Dear Career Therapy,
I am the corporate recruiter at my company. Because we are a small business, we don’t have many resources set aside for recruiting, so at times we reach out to staffing agencies to help us fill an opening.
The issue: There is a rep at one of these staffing agencies who does not treat me with the same respect as she does with my manager. Even though she knows to work directly with me, she still copies him on emails, even when I never initially copied him. When she wants to have a meet up with me, she only offers to go out for coffee or lunch, but when she offers to take out my manager, it’s with basketball tickets or golfing. I don’t care about those perks, but I just don’t feel that I am getting the respect I deserve when she is supposed to work directly with me on any staffing opportunities.

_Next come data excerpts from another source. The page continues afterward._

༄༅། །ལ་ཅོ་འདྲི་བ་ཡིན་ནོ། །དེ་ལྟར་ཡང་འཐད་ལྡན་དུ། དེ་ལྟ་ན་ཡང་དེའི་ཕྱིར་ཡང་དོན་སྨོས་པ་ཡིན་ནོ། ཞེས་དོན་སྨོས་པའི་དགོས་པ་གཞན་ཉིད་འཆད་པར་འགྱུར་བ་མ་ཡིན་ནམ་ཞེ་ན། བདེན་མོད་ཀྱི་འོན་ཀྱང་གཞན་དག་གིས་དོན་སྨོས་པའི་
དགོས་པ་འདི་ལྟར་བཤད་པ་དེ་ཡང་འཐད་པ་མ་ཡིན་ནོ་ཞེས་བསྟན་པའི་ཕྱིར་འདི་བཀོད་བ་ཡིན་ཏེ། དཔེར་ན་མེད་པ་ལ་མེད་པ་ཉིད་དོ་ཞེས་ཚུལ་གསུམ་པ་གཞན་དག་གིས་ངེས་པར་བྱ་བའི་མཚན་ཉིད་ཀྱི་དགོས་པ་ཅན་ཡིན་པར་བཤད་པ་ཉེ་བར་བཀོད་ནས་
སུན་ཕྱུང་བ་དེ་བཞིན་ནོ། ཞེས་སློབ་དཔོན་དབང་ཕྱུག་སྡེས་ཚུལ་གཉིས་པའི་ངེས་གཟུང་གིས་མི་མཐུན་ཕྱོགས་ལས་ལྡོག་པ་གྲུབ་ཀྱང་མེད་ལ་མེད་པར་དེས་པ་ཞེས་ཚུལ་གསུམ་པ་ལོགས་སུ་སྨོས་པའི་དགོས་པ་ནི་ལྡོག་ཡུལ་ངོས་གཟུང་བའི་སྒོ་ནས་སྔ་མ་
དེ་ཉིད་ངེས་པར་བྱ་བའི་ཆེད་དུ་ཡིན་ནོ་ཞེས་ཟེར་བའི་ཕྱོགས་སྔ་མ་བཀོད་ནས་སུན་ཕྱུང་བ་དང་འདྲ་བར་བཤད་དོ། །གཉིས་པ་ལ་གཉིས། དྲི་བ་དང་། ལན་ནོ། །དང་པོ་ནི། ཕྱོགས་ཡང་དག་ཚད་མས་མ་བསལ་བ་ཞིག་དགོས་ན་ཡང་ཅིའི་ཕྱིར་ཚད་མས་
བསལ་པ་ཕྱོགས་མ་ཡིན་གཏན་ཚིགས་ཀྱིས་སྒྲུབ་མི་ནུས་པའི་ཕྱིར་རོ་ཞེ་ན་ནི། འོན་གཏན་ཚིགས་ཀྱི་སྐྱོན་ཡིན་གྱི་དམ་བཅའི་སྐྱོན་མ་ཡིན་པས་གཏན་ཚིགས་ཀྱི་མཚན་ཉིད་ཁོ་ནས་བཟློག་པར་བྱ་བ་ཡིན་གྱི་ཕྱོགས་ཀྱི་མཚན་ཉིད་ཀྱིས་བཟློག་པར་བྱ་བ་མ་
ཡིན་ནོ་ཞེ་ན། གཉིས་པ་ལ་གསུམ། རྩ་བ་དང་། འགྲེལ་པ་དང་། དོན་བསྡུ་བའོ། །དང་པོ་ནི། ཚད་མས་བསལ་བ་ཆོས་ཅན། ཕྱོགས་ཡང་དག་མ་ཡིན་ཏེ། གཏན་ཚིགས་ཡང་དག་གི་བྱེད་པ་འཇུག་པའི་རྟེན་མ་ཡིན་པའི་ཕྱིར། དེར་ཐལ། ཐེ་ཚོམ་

My question is, do I call her out on it? I get frustrated seeing her replies and copying my boss. And I never do that to her, even on occasions when she has been unresponsive for days to my emails.
I don’t want to allow this to continue, but I want to handle the situation in the best way possible.
The one person you have at your disposal who will understand all the intricacies of this scenario is your boss. I suggest that you talk to him about your feelings and hear what he has to say. For all you know, maybe he has instructed the vendor as part of the relationship to be copied on everything. Maybe, in fact, your boss is curious as to why you are not copying him on things but the vendor is! Better to get insights directly from your boss first to avoid potentially overstepping your boundaries and bringing up some miscommunication.
Just be sure your feelings are valid to this set of circumstances and not attached to overall insecurities in some way—such as you wanting more independence and authority (again, something that can be addressed with your boss). Checking in with yourself first also brings more accountability. To be clear though, I am sensitive to the fact that authority needs to come from your boss, not the outside vendor.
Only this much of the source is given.